» **Task instructions**
Your job with the data below is to output exactly the lines from the one holding "-56 83 -116" down to the one holding "-505 -126 -865", both included, and no others.

» **Saved data entries**
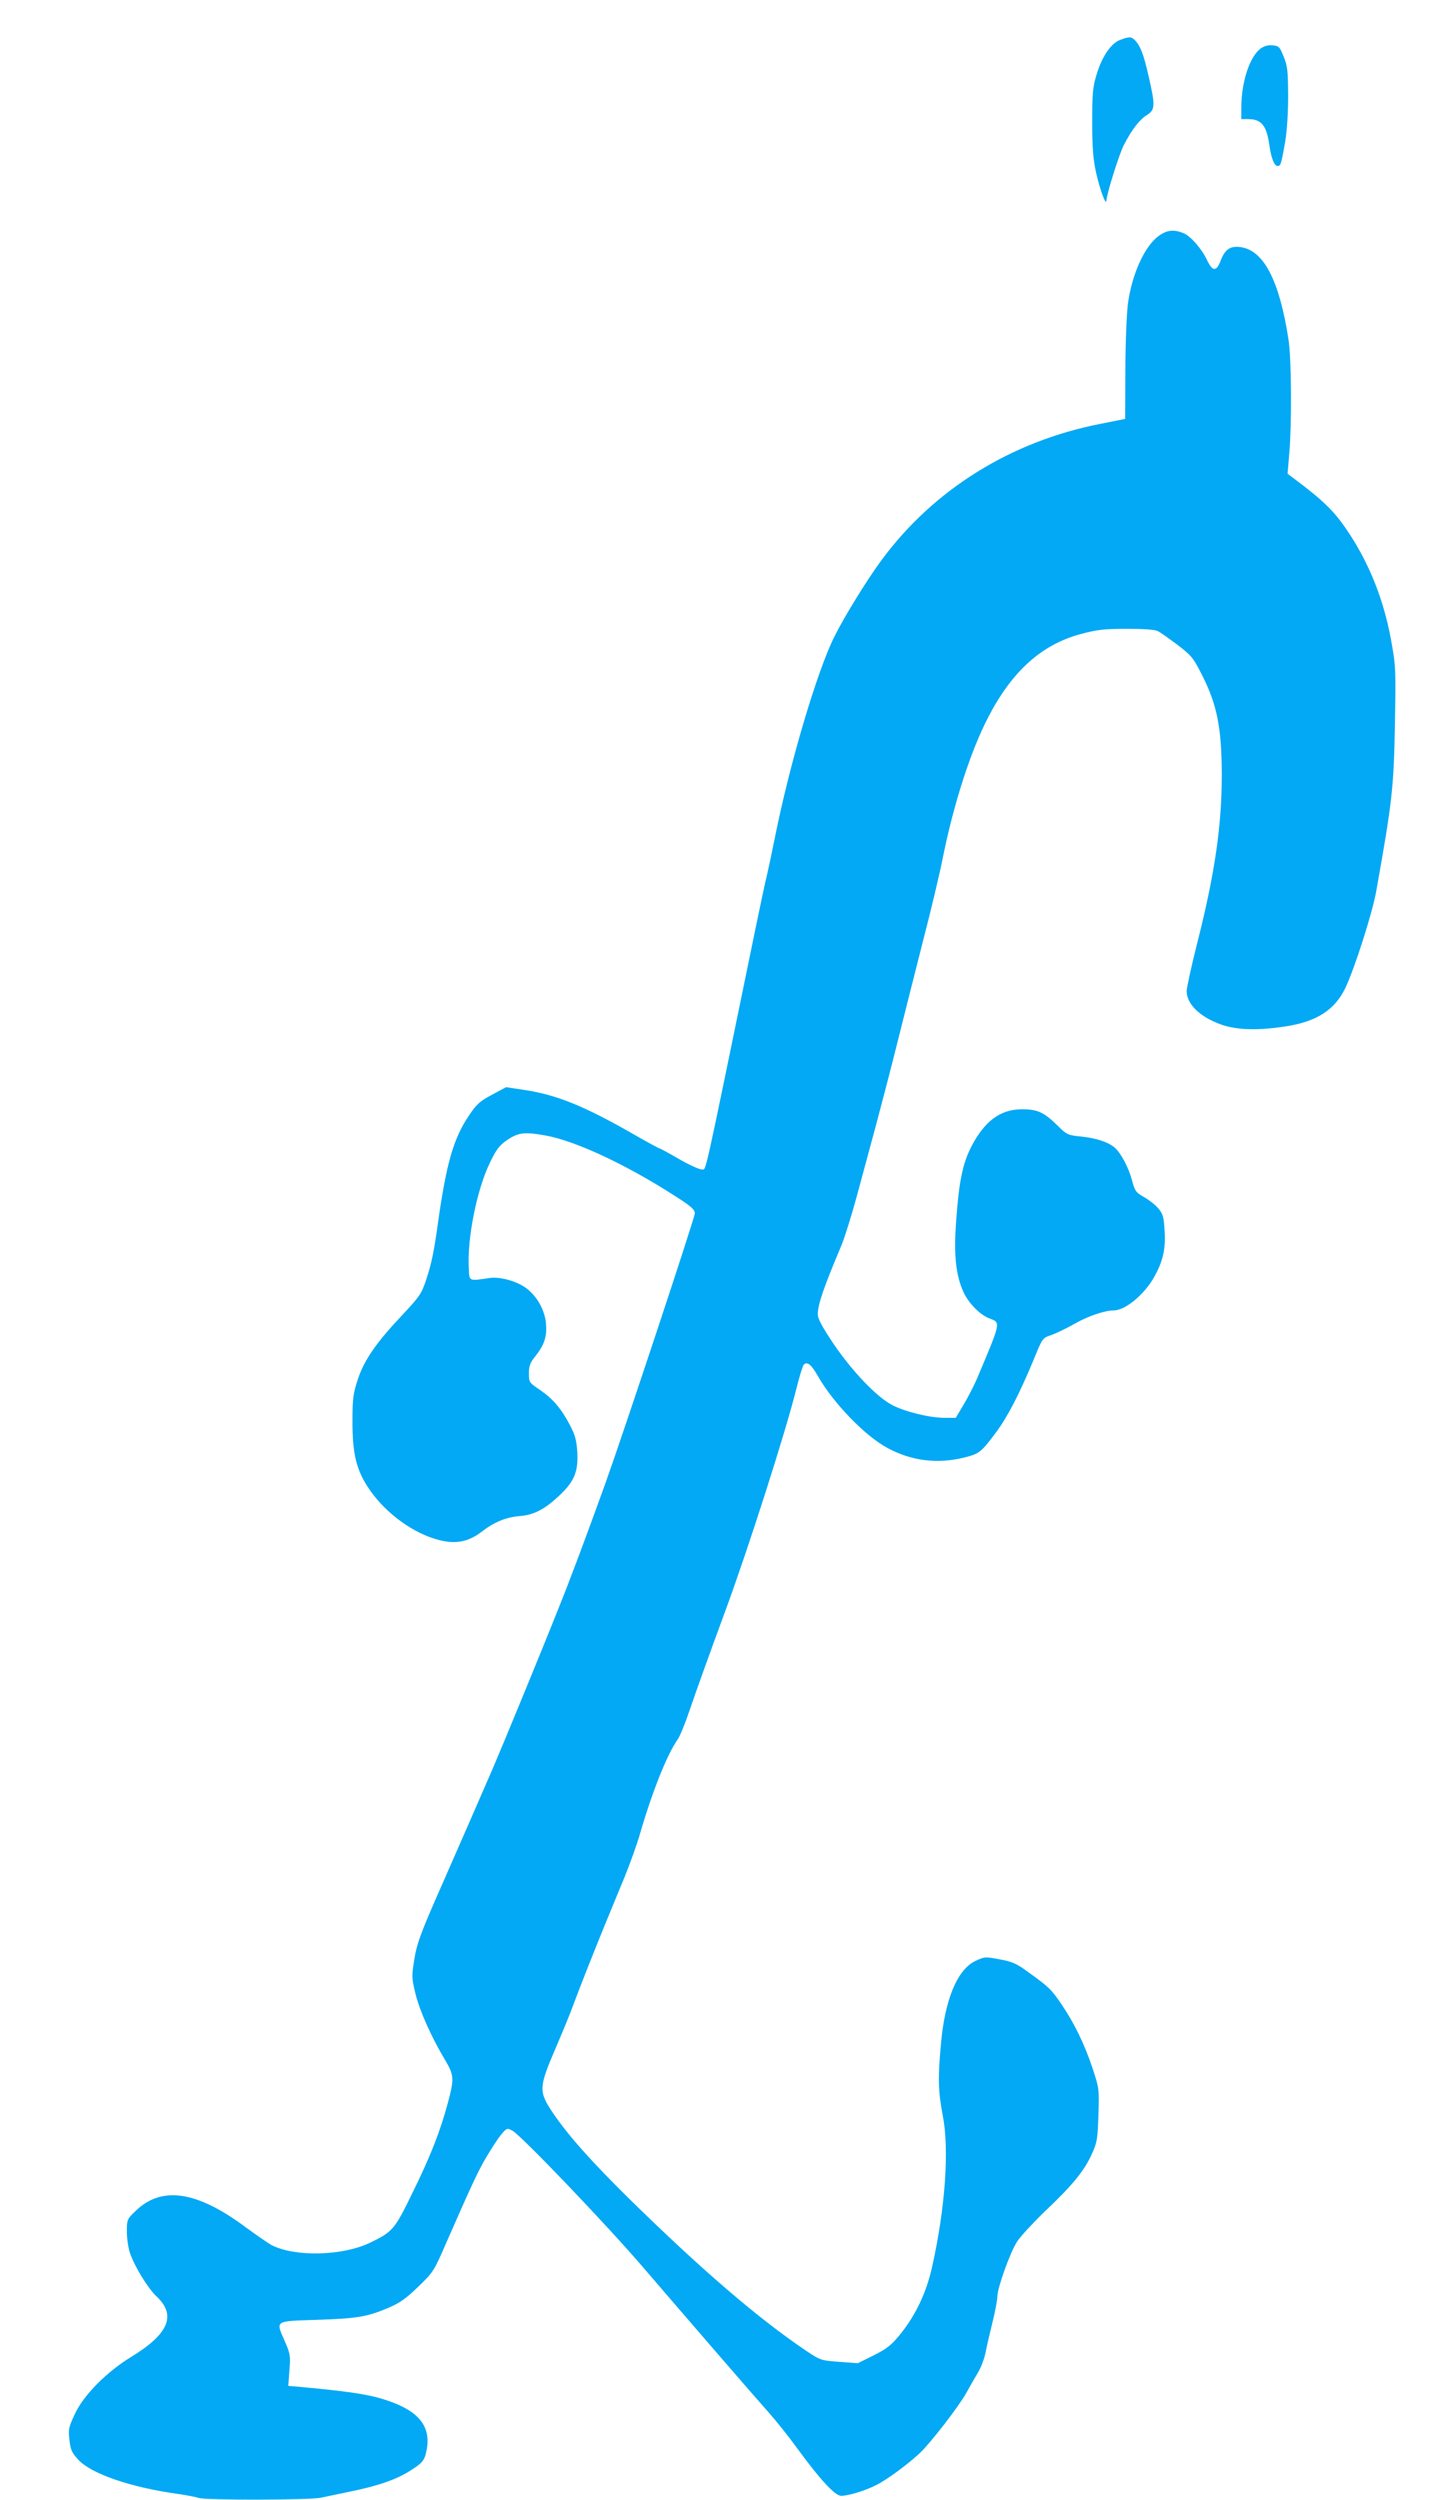 <?xml version="1.0" standalone="no"?>
<!DOCTYPE svg PUBLIC "-//W3C//DTD SVG 20010904//EN"
 "http://www.w3.org/TR/2001/REC-SVG-20010904/DTD/svg10.dtd">
<svg version="1.0" xmlns="http://www.w3.org/2000/svg"
 width="746pt" height="1280pt" viewBox="0 0 746 1280"
 preserveAspectRatio="xMidYMid meet">
<g transform="translate(0,1280) scale(0.1,-0.1)"
fill="#03a9f4" stroke="none">
<path d="M5740 12596 c-47 -17 -93 -84 -121 -176 -20 -65 -23 -97 -23 -245 0
-129 5 -190 19 -255 19 -88 53 -179 54 -146 2 35 63 230 88 281 41 80 80 131
118 155 44 27 45 48 10 200 -25 111 -42 155 -70 184 -19 19 -28 19 -75 2z"/>
<path d="M6457 12550 c-56 -44 -97 -173 -97 -302 l0 -58 36 0 c67 0 94 -33
108 -135 9 -64 25 -105 42 -105 16 0 19 11 39 125 9 54 15 149 15 235 -1 126
-3 152 -23 200 -20 51 -25 55 -58 58 -24 2 -43 -4 -62 -18z"/>
<path d="M5937 11592 c-72 -52 -137 -194 -158 -347 -6 -49 -13 -202 -13 -340
l-1 -250 -130 -26 c-456 -90 -850 -335 -1116 -694 -73 -98 -190 -287 -243
-393 -89 -177 -229 -648 -306 -1032 -17 -85 -36 -173 -41 -194 -6 -21 -32
-145 -59 -275 -274 -1332 -250 -1225 -274 -1229 -9 -2 -61 21 -115 52 -53 31
-100 56 -103 56 -3 0 -66 34 -139 76 -248 142 -392 200 -560 224 l-86 13 -73
-39 c-63 -34 -79 -48 -119 -109 -77 -114 -114 -243 -156 -540 -22 -158 -33
-210 -61 -297 -24 -72 -33 -86 -125 -184 -132 -140 -193 -228 -226 -328 -23
-70 -27 -98 -27 -206 -1 -179 20 -261 91 -363 85 -120 223 -220 353 -253 85
-22 150 -9 217 42 66 51 125 75 197 81 73 6 128 35 204 107 74 70 95 120 90
218 -4 63 -11 89 -37 139 -45 86 -87 135 -153 181 -57 38 -58 40 -58 86 0 38
6 55 35 90 45 57 59 102 52 169 -7 64 -42 129 -93 171 -47 39 -138 66 -195 58
-109 -16 -104 -18 -107 49 -9 153 41 403 108 541 32 67 49 89 85 114 59 41 91
45 198 26 155 -27 419 -151 670 -313 77 -49 97 -67 97 -86 0 -22 -360 -1108
-458 -1382 -93 -258 -179 -489 -241 -642 -82 -207 -283 -695 -336 -818 -70
-161 -177 -407 -260 -595 -111 -251 -131 -305 -144 -395 -12 -73 -11 -88 8
-165 22 -89 82 -222 150 -336 48 -80 49 -97 16 -221 -39 -145 -89 -274 -181
-460 -91 -188 -102 -201 -216 -256 -142 -69 -386 -75 -507 -13 -18 10 -77 51
-132 91 -251 187 -432 214 -566 82 -42 -40 -43 -43 -43 -104 0 -34 7 -84 16
-110 23 -68 92 -181 137 -223 102 -96 61 -192 -133 -310 -124 -76 -242 -195
-286 -290 -32 -68 -35 -80 -28 -134 5 -50 12 -65 45 -101 66 -72 269 -142 509
-175 47 -7 95 -16 108 -21 31 -12 571 -11 624 1 24 5 90 19 148 31 145 29 244
63 317 111 53 34 65 47 74 81 33 123 -18 206 -161 262 -102 40 -194 56 -474
82 l-69 6 6 80 c6 74 4 85 -24 149 -47 107 -54 102 161 109 209 7 259 15 366
60 60 25 92 47 155 108 77 74 82 80 143 221 137 312 166 374 210 448 25 42 58
93 74 112 29 34 30 34 57 20 44 -23 485 -484 670 -700 244 -284 563 -653 645
-745 39 -44 105 -127 147 -185 117 -160 192 -240 223 -240 36 0 126 27 181 56
53 26 165 109 222 163 56 53 198 237 237 306 18 33 45 80 60 105 16 25 33 72
40 105 6 33 23 104 36 157 13 53 24 111 24 128 0 44 65 226 102 283 17 26 82
96 144 156 139 131 200 206 238 291 27 59 30 77 34 200 4 134 4 136 -31 242
-42 124 -91 225 -157 323 -53 78 -64 89 -168 164 -62 46 -84 56 -150 68 -74
14 -78 14 -124 -8 -93 -44 -157 -197 -177 -426 -16 -174 -14 -244 9 -363 35
-177 13 -479 -55 -781 -29 -129 -83 -243 -162 -341 -46 -57 -68 -74 -137 -109
l-81 -40 -95 7 c-93 7 -97 8 -170 57 -245 165 -537 416 -904 776 -200 197
-317 329 -394 443 -72 108 -72 128 13 326 36 84 79 187 94 230 33 89 114 294
171 432 21 52 62 150 90 218 27 67 64 168 80 225 63 216 138 403 192 480 11
15 37 78 58 140 45 131 97 275 184 512 117 316 312 925 365 1139 16 65 34 123
39 128 18 18 39 1 73 -59 78 -137 242 -307 357 -368 123 -66 254 -82 390 -49
80 20 88 26 165 129 60 81 119 194 197 382 41 101 42 102 87 117 25 9 77 34
116 56 69 40 157 70 204 70 58 0 156 81 206 170 46 82 60 145 54 236 -4 72 -8
88 -32 116 -15 18 -48 44 -73 58 -41 23 -47 30 -62 86 -17 65 -56 138 -87 166
-32 29 -95 50 -171 58 -71 7 -76 9 -125 58 -69 67 -102 82 -180 82 -112 0
-194 -61 -262 -195 -43 -85 -62 -177 -76 -378 -13 -170 -2 -276 37 -362 25
-56 83 -116 131 -135 62 -24 64 -12 -61 -309 -15 -35 -46 -95 -68 -132 l-41
-69 -58 0 c-77 0 -206 32 -271 67 -79 43 -202 172 -296 310 -59 88 -82 130
-82 153 0 50 30 137 122 355 16 39 51 151 78 250 27 99 72 266 100 370 28 105
78 296 110 425 32 129 91 361 130 515 40 154 85 343 100 420 56 278 142 546
232 720 122 237 274 374 474 428 86 23 120 27 238 27 85 0 146 -4 159 -12 12
-6 57 -38 100 -70 73 -56 81 -66 129 -161 74 -148 97 -264 98 -502 0 -263 -35
-505 -126 -865 -30 -118 -54 -228 -54 -245 0 -66 67 -132 176 -171 77 -28 188
-32 329 -10 161 24 255 85 309 199 48 102 137 381 157 492 81 453 90 527 96
850 5 295 5 302 -21 445 -37 197 -106 373 -209 532 -75 115 -127 167 -281 283
l-39 29 9 106 c13 154 11 482 -4 580 -46 300 -125 455 -242 474 -55 9 -83 -9
-106 -69 -21 -56 -41 -56 -68 0 -27 59 -85 126 -122 141 -49 20 -84 17 -127
-14z"/>
</g>
</svg>

» **Solved exercise**
-56 83 -116 131 -135 62 -24 64 -12 -61 -309 -15 -35 -46 -95 -68 -132 l-41
-69 -58 0 c-77 0 -206 32 -271 67 -79 43 -202 172 -296 310 -59 88 -82 130
-82 153 0 50 30 137 122 355 16 39 51 151 78 250 27 99 72 266 100 370 28 105
78 296 110 425 32 129 91 361 130 515 40 154 85 343 100 420 56 278 142 546
232 720 122 237 274 374 474 428 86 23 120 27 238 27 85 0 146 -4 159 -12 12
-6 57 -38 100 -70 73 -56 81 -66 129 -161 74 -148 97 -264 98 -502 0 -263 -35
-505 -126 -865 -30 -118 -54 -228 -54 -245 0 -66 67 -132 176 -171 77 -28 188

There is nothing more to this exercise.